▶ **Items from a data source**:
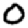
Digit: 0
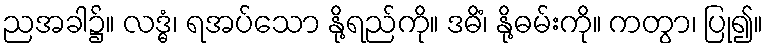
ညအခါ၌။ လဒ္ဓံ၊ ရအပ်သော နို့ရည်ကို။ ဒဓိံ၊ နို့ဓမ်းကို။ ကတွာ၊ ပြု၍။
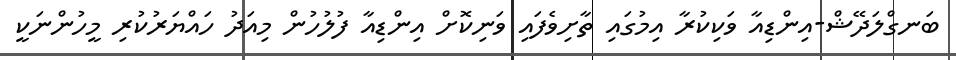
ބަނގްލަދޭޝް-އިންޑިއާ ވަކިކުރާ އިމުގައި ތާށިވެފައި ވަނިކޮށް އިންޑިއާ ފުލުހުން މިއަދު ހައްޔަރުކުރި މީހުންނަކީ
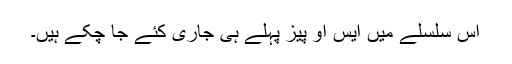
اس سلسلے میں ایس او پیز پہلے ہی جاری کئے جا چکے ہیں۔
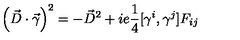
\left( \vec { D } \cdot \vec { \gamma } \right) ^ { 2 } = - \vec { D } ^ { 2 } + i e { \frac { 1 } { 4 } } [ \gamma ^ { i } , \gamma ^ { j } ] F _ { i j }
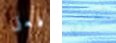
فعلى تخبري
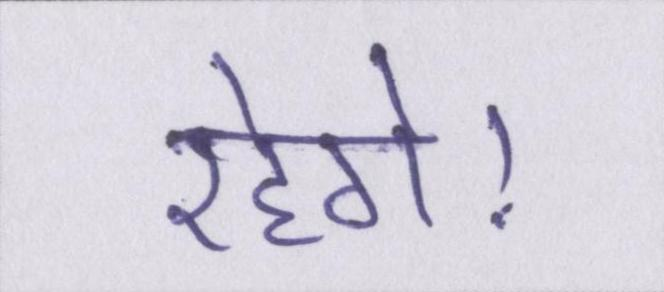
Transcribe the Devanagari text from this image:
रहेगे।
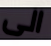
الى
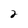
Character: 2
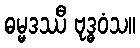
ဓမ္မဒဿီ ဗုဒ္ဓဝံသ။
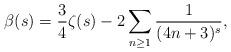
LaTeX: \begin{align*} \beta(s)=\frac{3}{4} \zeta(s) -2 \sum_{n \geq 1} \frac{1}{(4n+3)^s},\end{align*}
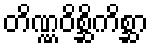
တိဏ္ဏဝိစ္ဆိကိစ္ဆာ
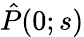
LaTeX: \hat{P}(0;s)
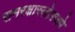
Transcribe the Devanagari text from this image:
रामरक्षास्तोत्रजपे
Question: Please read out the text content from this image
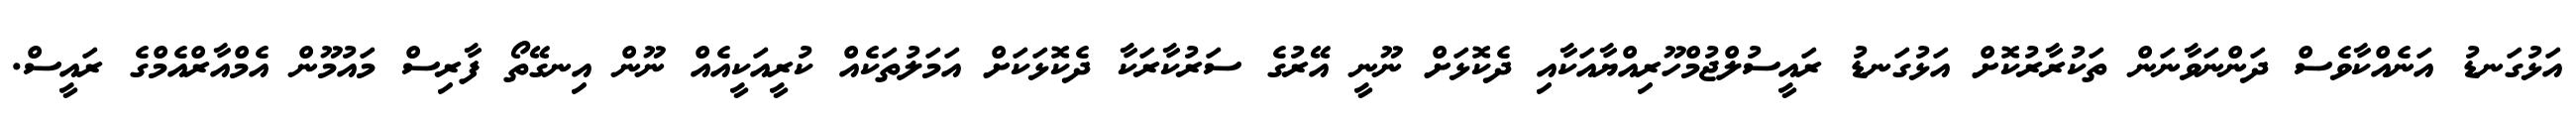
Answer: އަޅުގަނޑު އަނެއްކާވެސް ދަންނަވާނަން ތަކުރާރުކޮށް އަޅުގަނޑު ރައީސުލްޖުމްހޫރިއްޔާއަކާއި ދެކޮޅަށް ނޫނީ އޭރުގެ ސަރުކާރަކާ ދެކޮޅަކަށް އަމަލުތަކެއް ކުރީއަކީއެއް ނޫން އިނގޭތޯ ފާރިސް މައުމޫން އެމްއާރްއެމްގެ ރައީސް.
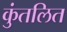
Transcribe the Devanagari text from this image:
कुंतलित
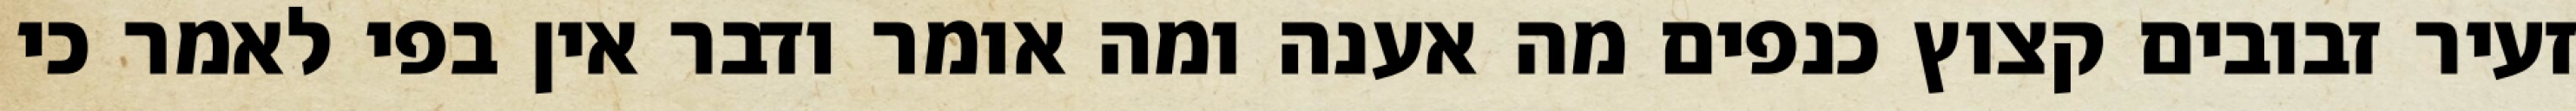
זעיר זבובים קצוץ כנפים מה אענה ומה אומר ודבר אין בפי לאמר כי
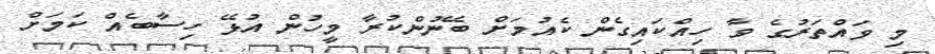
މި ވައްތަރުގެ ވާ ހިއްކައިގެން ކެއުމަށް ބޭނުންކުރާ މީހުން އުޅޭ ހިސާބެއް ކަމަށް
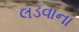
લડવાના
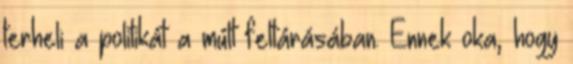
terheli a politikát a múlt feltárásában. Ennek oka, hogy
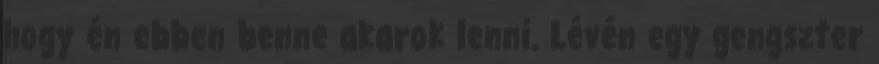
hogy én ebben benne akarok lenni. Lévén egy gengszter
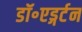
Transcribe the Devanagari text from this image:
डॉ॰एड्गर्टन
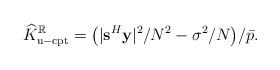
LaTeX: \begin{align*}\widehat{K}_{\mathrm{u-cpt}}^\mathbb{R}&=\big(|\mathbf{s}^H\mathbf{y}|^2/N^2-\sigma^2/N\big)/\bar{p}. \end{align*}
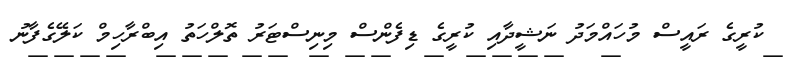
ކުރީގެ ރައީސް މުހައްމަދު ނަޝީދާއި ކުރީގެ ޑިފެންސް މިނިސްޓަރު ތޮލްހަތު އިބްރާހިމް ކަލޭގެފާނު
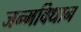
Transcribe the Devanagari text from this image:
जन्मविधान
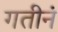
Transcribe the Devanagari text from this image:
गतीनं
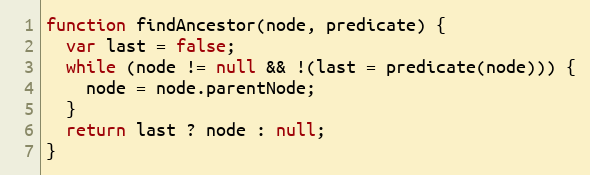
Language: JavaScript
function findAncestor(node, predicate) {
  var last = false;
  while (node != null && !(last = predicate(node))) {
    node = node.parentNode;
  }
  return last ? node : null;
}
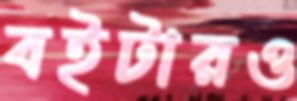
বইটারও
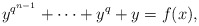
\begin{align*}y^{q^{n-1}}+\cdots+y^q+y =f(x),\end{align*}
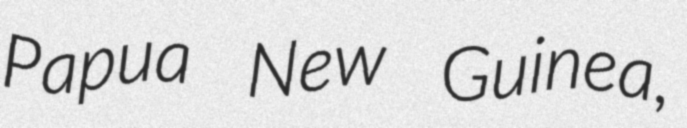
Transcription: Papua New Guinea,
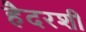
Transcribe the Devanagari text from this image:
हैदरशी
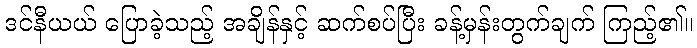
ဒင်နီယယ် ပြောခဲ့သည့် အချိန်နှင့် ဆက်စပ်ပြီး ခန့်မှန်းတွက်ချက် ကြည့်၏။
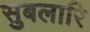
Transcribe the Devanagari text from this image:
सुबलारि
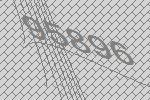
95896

* * *

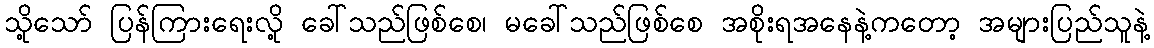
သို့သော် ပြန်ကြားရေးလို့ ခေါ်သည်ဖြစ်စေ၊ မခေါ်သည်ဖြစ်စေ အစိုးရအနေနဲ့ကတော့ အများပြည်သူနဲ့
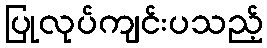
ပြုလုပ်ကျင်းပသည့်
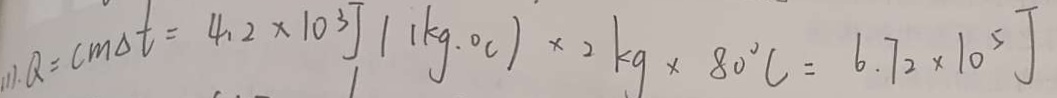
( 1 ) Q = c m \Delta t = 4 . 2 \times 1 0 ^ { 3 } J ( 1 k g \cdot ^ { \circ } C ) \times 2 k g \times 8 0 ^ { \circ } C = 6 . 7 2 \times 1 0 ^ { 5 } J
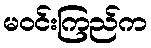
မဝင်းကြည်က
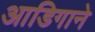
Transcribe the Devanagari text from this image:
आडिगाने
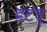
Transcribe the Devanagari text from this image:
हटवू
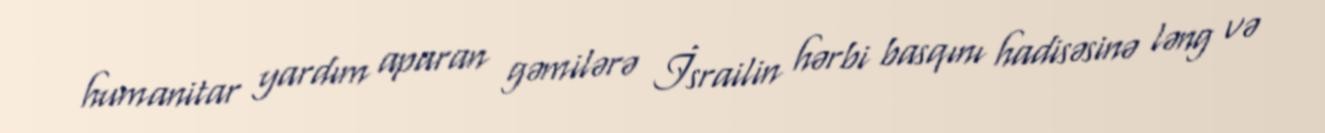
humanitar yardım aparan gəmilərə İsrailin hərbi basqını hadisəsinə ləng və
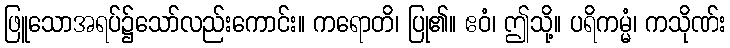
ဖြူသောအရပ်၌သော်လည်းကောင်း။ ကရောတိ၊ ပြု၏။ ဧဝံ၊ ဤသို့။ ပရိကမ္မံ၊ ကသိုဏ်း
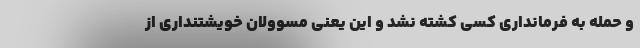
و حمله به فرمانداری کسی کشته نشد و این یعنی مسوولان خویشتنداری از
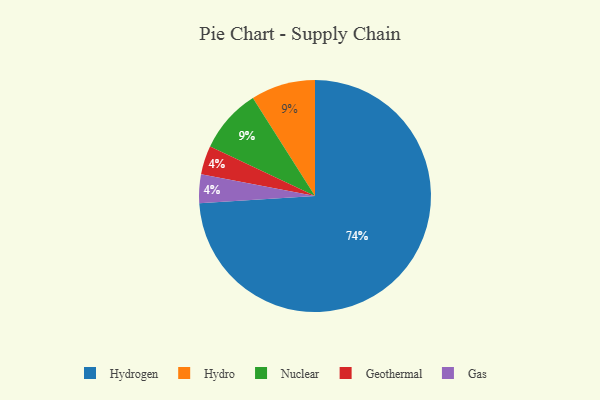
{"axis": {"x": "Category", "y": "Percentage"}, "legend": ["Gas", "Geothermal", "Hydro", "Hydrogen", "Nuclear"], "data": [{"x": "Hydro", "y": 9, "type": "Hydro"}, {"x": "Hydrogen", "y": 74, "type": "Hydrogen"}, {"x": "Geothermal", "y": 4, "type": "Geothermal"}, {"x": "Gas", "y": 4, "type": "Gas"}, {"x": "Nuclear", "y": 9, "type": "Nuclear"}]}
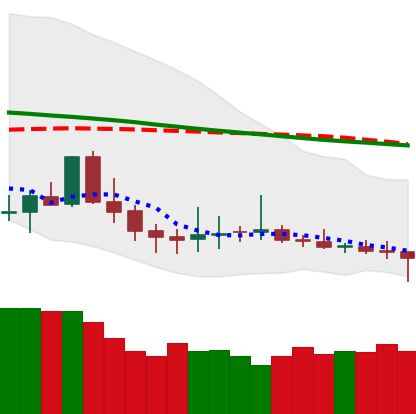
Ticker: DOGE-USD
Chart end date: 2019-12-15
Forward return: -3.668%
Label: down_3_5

▶ **Assigned task**:
Repeat the lines above exactly, beginning with the one containing "Question: Please read" and finishing with the one containing "Answer: އަޅުގަނޑު އަނެއްކާވެސް". No pictures belong in the copy.

▶ **Output for this task**:
Question: Please read out the text content from this image
Answer: އަޅުގަނޑު އަނެއްކާވެސް ދަންނަވާނަން ތަކުރާރުކޮށް އަޅުގަނޑު ރައީސުލްޖުމްހޫރިއްޔާއަކާއި ދެކޮޅަށް ނޫނީ އޭރުގެ ސަރުކާރަކާ ދެކޮޅަކަށް އަމަލުތަކެއް ކުރީއަކީއެއް ނޫން އިނގޭތޯ ފާރިސް މައުމޫން އެމްއާރްއެމްގެ ރައީސް.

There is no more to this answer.